MORSOWANIE JEST SPOKO
Nigdy do tej pory tego nie robiłam i nawet nie podejrzewałam, że przyjdzie mi to z taką łatwością. Większy wysiłek wkładam w tłumaczenie dzisiaj wszystkim niedowiarkom, że morsowanie jest spoko, nie trzeba się do niego w żaden sposób przygotowywać, że jest świetną zabawą i że doskonale wpływa na zdrowie – hartuje organizm i wzmacnia odporność. Jednak najważniejsze i najtrudniejsze do zrozumienia jest to, że podczas morsowania nikomu nie jest zimno! No może z wyjątkiem przyglądającym się z boku ciekawskim 😉 Jedyny warunek jaki trzeba spełnić to być zdrowym w dniu morsowania i mieć ochotę wskoczyć do wody. Ja miałam i to ogromną. A wiecie dlaczego?
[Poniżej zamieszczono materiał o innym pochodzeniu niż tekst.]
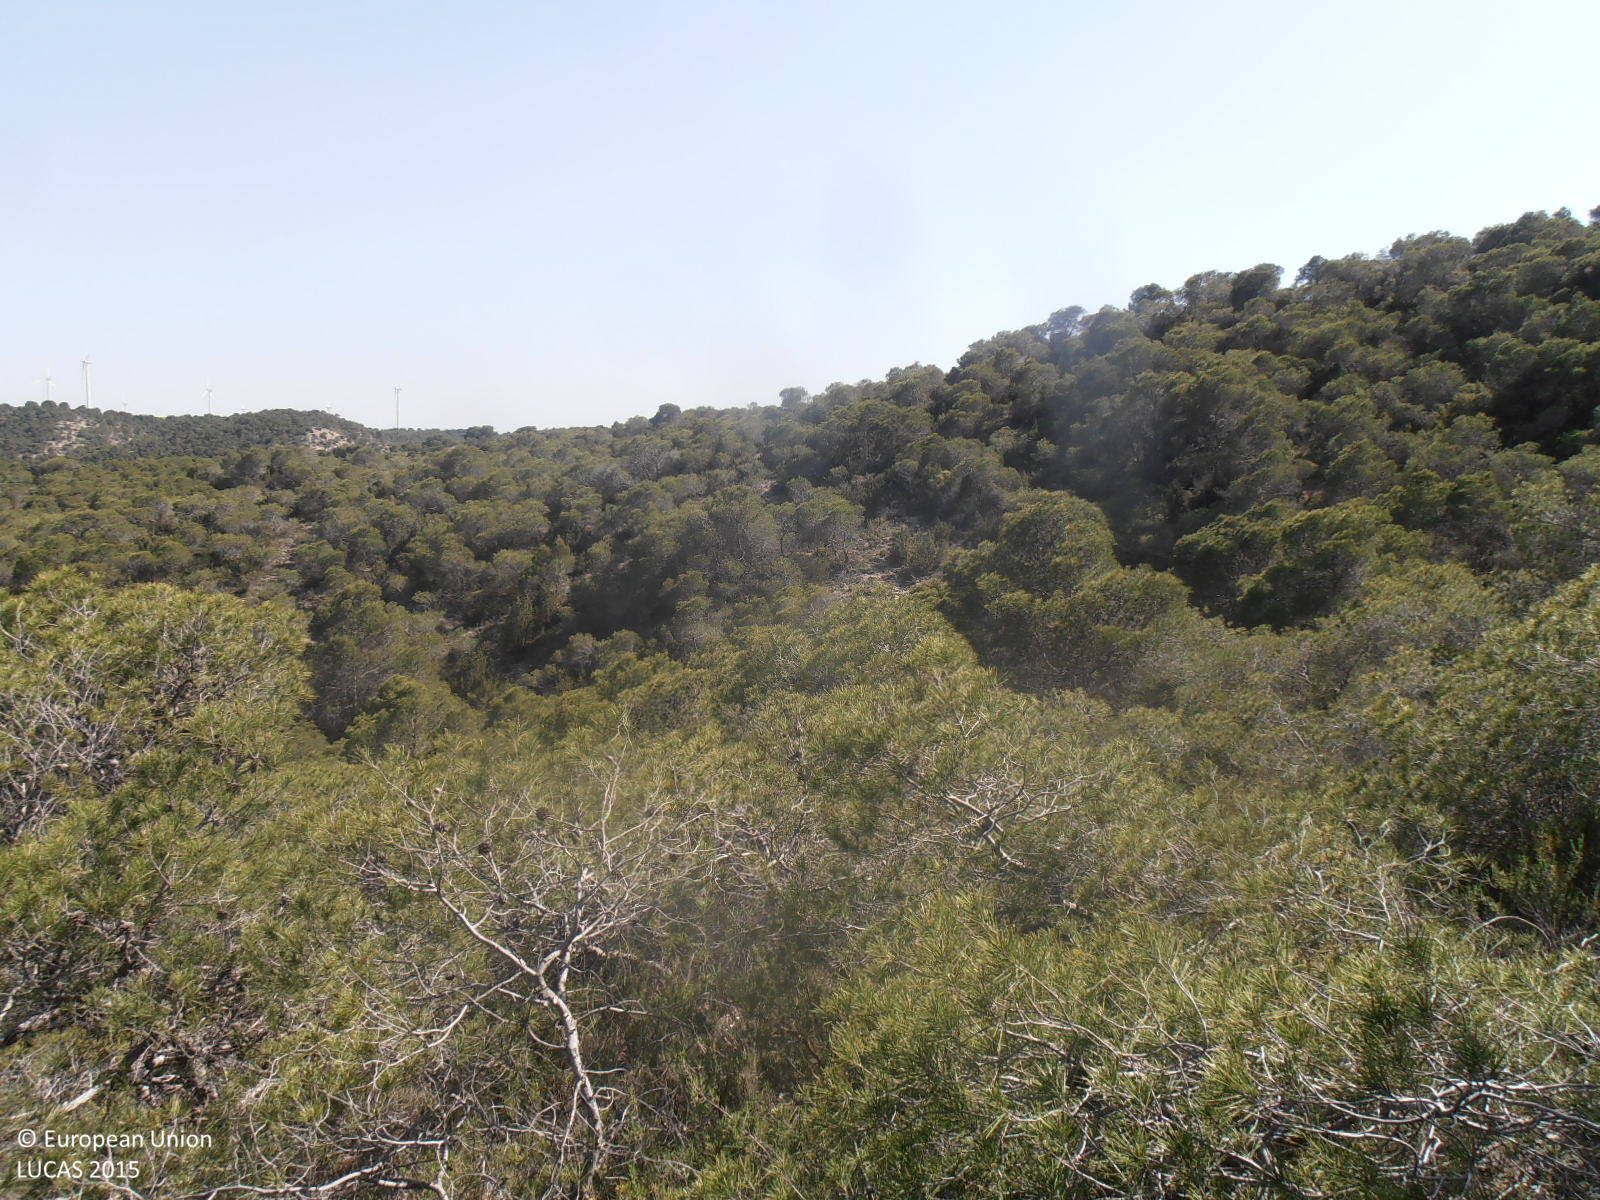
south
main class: Woodland
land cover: Pine dominated coniferous woodland
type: coniferous forest of the mediterranean region
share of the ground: 50 - 75 %
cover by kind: coniferous forest trees 80 %, shrubs 10 %, consolidated bare surface 10 %
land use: Forestry
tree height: > 5 m
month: May
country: ES
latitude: 41.4931
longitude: -0.9570

ŚPIĄCA KRÓLEWNA TO NIE BAJKA
Jest taka mała dziewczynka, na imię ma Alicja i ma tylko 9 miesięcy. Dużo śpi, bardzo dużo. Zwykle rodzice są szczęśliwi, kiedy ich maluch przesypia noce i grzecznie ucina sobie drzemki w ciągu dnia. Jednak dla rodziców Ali jej sen jest powodem do niepokoju. Ala śpi niekiedy przez kilka dni i nikt, łącznie z lekarzami, nie potrafi podać przyczyny tego stanu. Ala wymaga więc stałej rehabilitacji, a jej rodzice funduszy na jej przeprowadzenie. I tak z inicjatywy Morsów z Piassecziussets (ich członkiem jest tata Ali) powstał pomysł, żeby zebrać pieniądze na leczenie dziewczynki planując początkowo niewielkie wydarzenie, czyli Lodowatą niedzielę dla Alicji. Akcja niespodziewanie rozrosła się do dużej imprezy nazwanej lokalnym WOŚP-em, w którą zaangażowała się ogromna liczba mieszkańców Piaseczna i okolic, media, lokalne władze, a także mnóstwo firm sponsorujących nagrody w loterii.
ZIMNA WODA, GORĄCE SERCA
Do morsowania, często pierwszego w życiu, ruszyło ponad 200 osób, a ilość wejść do przerębli w kształcie serca trudno zliczyć. Sama weszłam 2 razy. W tym miejscu muszę Was zapewnić, że po krótkiej rozgrzewce ani moment rozebrania się do kostiumu kąpielowego, ani wejście do wody czy wyjście z niej nie były ani nieprzyjemne ani zimne, czego nie może pojąć wiele osób, łącznie ze mną 🙂 Z jednej strony morsy twierdzą, że to normalne, z drugiej myślę sobie, że mieszanka adrenaliny i emocji oraz atmosfera całej akcji zrobiły swoje do tego stopnia, że było mi cały czas ciepło.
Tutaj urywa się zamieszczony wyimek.